Looking at the available off-street parking facilities at 189 developments with a total of 19,600 units, the council counted nearly 6,000 empty spaces, totaling more than 41 acres of pavement. The construction cost of those unused spaces totals an estimated $94.5 million, representing about $5,000 per housing unit in the survey.

State policymakers have struggled to find solutions in recent years both to bring down the cost of housing and reduce the traffic congestion around Boston. Boston has some of the highest rents and home prices, and it has the worst traffic in the nation, according to the firm Inrix.

“Cities and towns shape the region’s future through their local land use regulations, and ought to implement parking requirements that align with actual use and demand,” said Marc Draisen, the executive director of the Metropolitan Area Planning Council, in a statement. “During this research, we witnessed oversupply of parking in every surveyed community. Reducing excess parking can encourage more housing units at a lower rent or sales price. Aligning parking supply and demand at buildings near transit can also promote transit use over driving, which in turn alleviates congestion.”

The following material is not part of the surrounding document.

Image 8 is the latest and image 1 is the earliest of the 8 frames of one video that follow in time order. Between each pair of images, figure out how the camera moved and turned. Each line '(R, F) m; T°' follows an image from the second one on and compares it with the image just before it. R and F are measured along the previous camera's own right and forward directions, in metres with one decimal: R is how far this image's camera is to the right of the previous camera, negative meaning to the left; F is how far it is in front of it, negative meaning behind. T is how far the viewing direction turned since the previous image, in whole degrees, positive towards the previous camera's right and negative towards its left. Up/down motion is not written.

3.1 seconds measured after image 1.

People who don’t own cars may wind up subsidizing the car-storage costs of those who do if they live in a building where parking is provided to residents for free but factored into the cost of housing. The study recommends that the cost of car parking be unbundled from the cost of housing.

The council assigned blame for the over-supply to blanket municipal regulations that don’t comport to the needs on the ground.

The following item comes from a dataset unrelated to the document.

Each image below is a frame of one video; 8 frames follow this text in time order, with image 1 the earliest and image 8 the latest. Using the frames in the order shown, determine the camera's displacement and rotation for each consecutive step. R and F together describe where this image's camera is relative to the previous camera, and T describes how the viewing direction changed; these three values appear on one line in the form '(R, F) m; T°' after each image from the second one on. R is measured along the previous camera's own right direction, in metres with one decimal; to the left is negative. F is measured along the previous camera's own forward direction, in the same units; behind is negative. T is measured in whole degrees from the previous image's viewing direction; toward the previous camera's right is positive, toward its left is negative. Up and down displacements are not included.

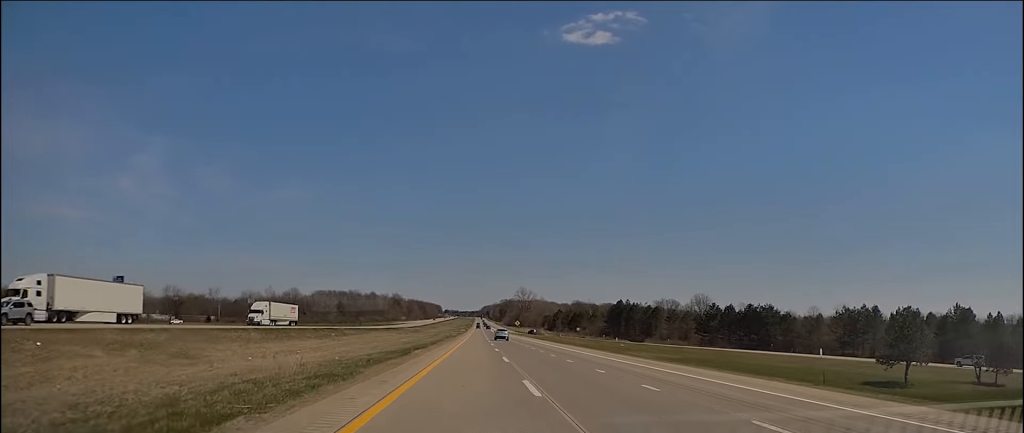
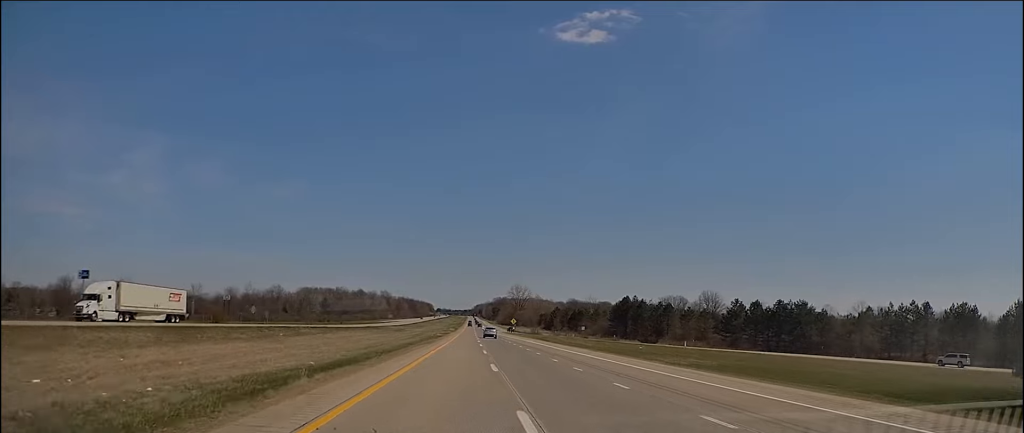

“Requirements are often uniform across an entire municipality, and are rarely informed by real-world data about parking demand in existing developments,” the study said. “Almost none of these regulations account for how the need for parking may vary with development type, location, cost, or transit service. And since minimizing competition for existing on-street spaces – which can be a valid concern – is often the principle purpose of parking regulations, municipalities are naturally inclined to over-prescribe parking as a precaution against spillover.”

Finding parking in an area where it is in short supply can be a frustrating exercise, and as the study notes, neighbors often resist efforts to reduce the amount of off-street parking at proposed developments.

Meanwhile, the council found some evidence to suggest that the supply – or over-supply – of parking in residential developments helps drive the demand. The study said the number of parking spaces per residential unit was “the single biggest predictor of demand, suggesting that the availability of parking is attracting car-owning households and influencing their behavior.”

Traffic congestion isn’t merely a frustrating fixture for many Bostonians’ commutes. It also has global ramifications. Gas-powered cars spew emissions that worsen global warming. While gains have been made in reducing greenhouse gas emissions from other sectors – such as the power sector – transportation emissions actually increased between 1990 and 2016.

Draisen said that by adjusting residential parking to more neatly fit the need, urban planners will have an easier time encouraging walkable neighborhoods.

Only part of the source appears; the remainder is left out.